Уважаемые баянисты и аккордеонисты!

Решил Сегодня Вас порадовать пьесой 

*"Цветущий май"* 

Вот интересная аранжировка этой пьесы:


----------



## vev (12 Июл 2014)

*Fantini_Acoordions*,
Юрий, а Вам принципиально "спасибо" получить? :biggrin: 
Обычно здесь народ и без напоминаний за хорошую и полезную вещь благодарит


----------



## Fantini_Acoordions (12 Июл 2014)

Скачали 30 человек точно. А сказали спасибо 3. Я покупал их. И прошу элементарного спасибо. Не говоря о деньгах)) :biggrin:


----------



## vev (12 Июл 2014)

*Fantini_Acoordions*,
"Спасибо" "спасибо" - две большие разницы. Если от чистого сердца, то и так поставят, если из под палки, то на кой черт оно Вам такое "спасибо"? :biggrin:


----------



## Fantini_Acoordions (12 Июл 2014)

*vev,*
В принципе спасибо могут и поставить если от чистого сердца), а так просто... плюс (имел ввиду) информация о том , что здесь есть такая кнопка "Спасибо" некоторые новенькие , которвые играют под минусовки, они не знают про эту Чудо-кнопку) я и сам не знал по началу, а так поностью с Вами согласен) Вам полезен материал?

С уважением Юрий

*vev,*

Какую следующую пьеску выложить?


----------



## vev (12 Июл 2014)

*Fantini_Acoordions*,
Юрий,
Я - не показатель. Для меня минусовки представляют интерес чисто гипотетический.
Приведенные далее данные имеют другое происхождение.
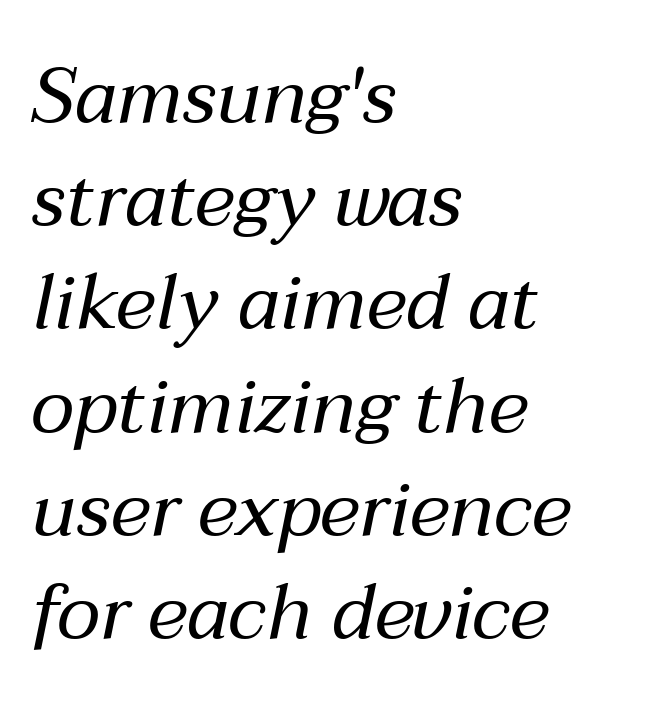
The block of text has a typical density, with ordinary space between rows. No extra tracking has been applied to these lines. This sample has the flowing, uneven cadence of proportional lettering. Yep, that's italic — everything's leaning. Stroke thickness stays within the range of a standard reading face or lighter. A student would call this left alignment; a typographer would say flush left, rag right.

Выступать я не собираюсь в ближайшем обозримом будущем, а для себя и без минуса есть над чем работать 

Но как человек запасливый. ... :biggrin: 

По поводу следующей: а Вы огласите весь список и тогда будет понятно, чего именно душа больше хочет. Да и ожидание с предвкушением будет для многих намного интереснее :biggrin: 

Думаю, что материал будет интересен очень многим и многие помянут добрым словом, даже не ставя "спасибо" 

С уважением
Евгений


----------



## Fantini_Acoordions (13 Июл 2014)

* !Уважаемые!*

 Из за того, что не смогу выложить на следующей неделе ( в четверг ) редкую минусовку по причине моего отъезда)) до чт, выкладываю ее сегодня, сегодня начинаю выкладывать еще и нотки ко всему к этому) пользуйтесь )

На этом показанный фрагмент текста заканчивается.